> Exercise:
Repeat everything in the data exactly except images.

> Dataset records:
====

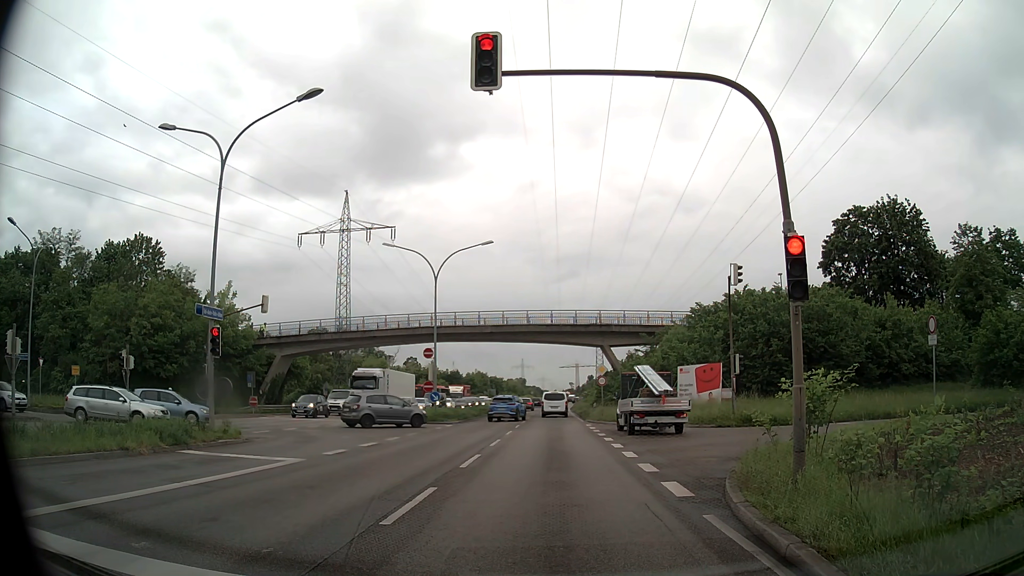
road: primary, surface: asphalt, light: Day
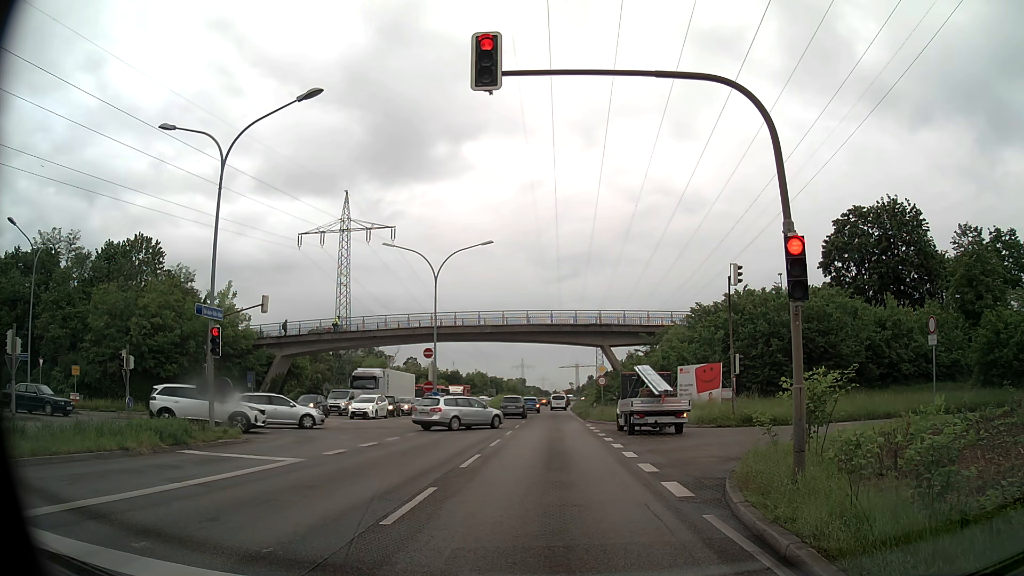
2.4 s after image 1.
(0.0, 0.0) m; 0°
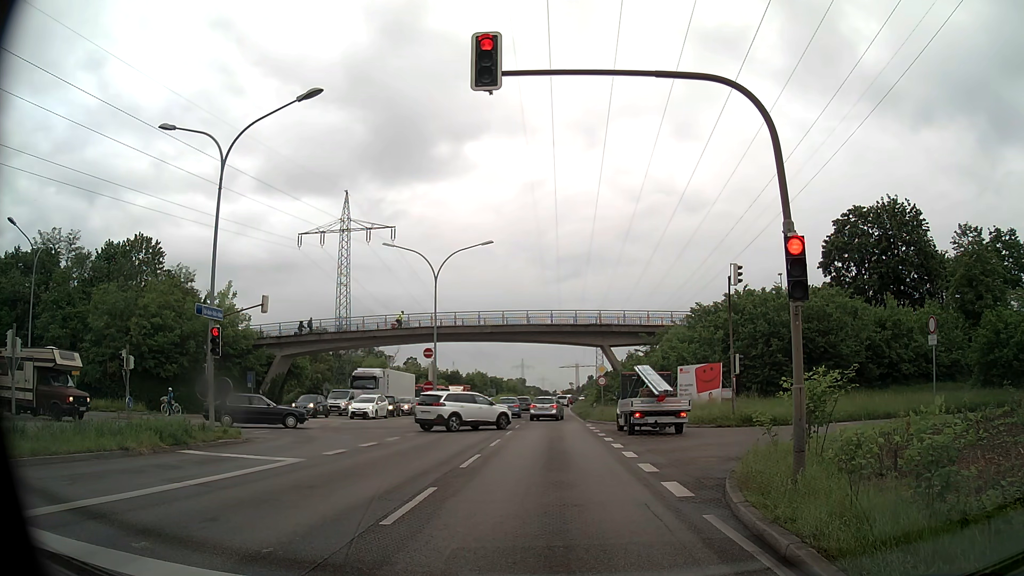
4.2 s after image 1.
(0.0, 0.0) m; 0°
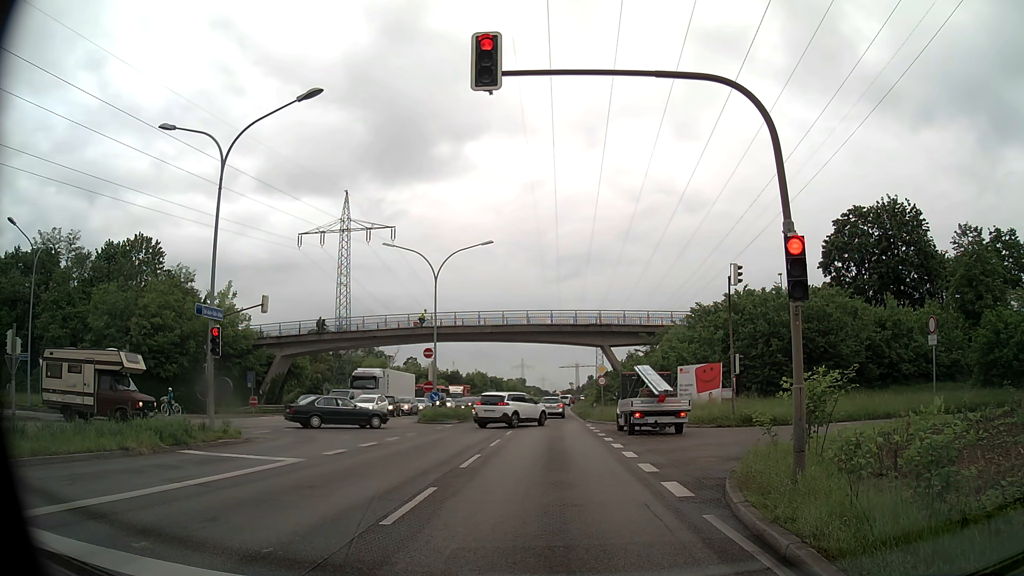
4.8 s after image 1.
(0.0, 0.0) m; 0°
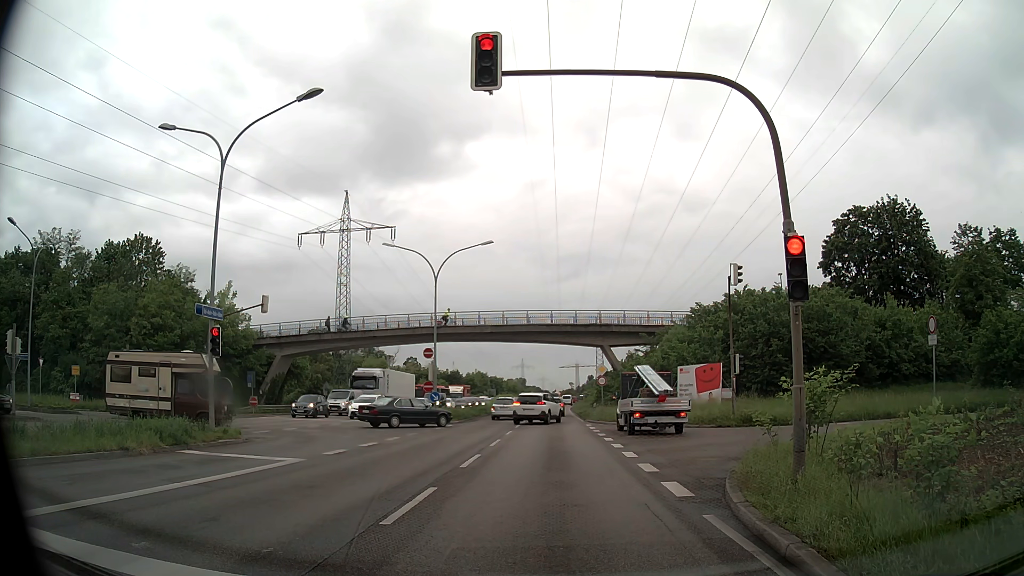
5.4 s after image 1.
(0.0, 0.0) m; 0°
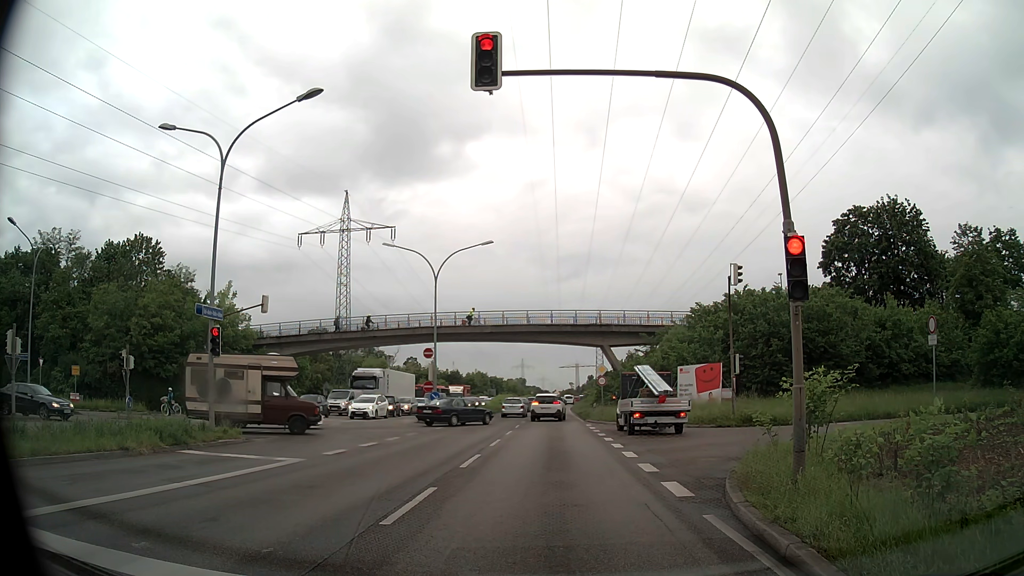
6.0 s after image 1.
(0.0, 0.0) m; 0°
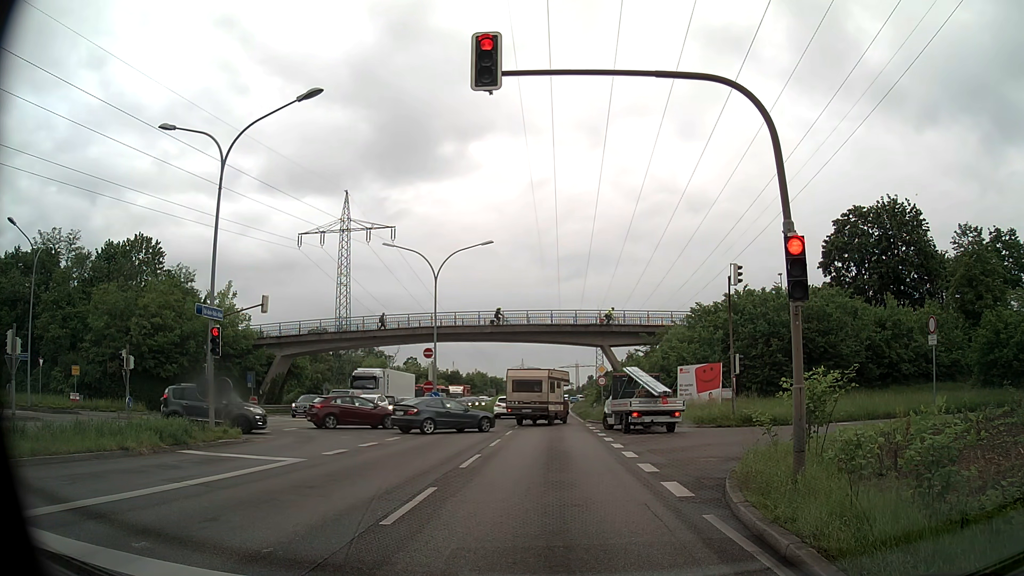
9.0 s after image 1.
(0.0, 0.0) m; 0°
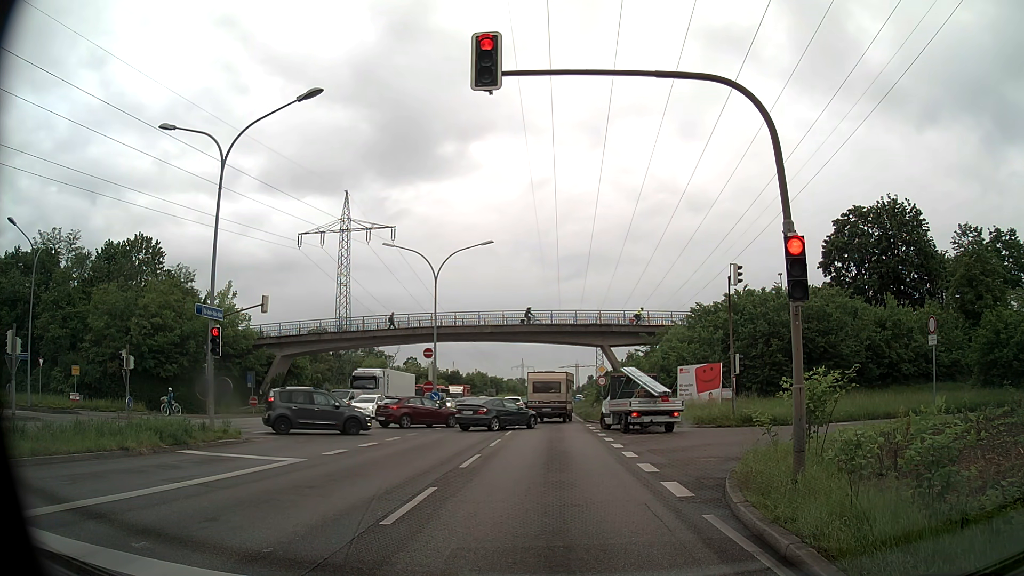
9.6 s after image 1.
(0.0, 0.0) m; 0°
(0, +10) (0, +20) (0, +30) (0, +40) (-1, +50) (-1, +60) (-1, +70) (0, +80) (0, +90) (0, +100) m

====

> Result for this exercise:
road: primary, surface: asphalt, light: Day
2.4 s after image 1.
(0.0, 0.0) m; 0°
4.2 s after image 1.
(0.0, 0.0) m; 0°
4.8 s after image 1.
(0.0, 0.0) m; 0°
5.4 s after image 1.
(0.0, 0.0) m; 0°
6.0 s after image 1.
(0.0, 0.0) m; 0°
9.0 s after image 1.
(0.0, 0.0) m; 0°
9.6 s after image 1.
(0.0, 0.0) m; 0°
(0, +10) (0, +20) (0, +30) (0, +40) (-1, +50) (-1, +60) (-1, +70) (0, +80) (0, +90) (0, +100) m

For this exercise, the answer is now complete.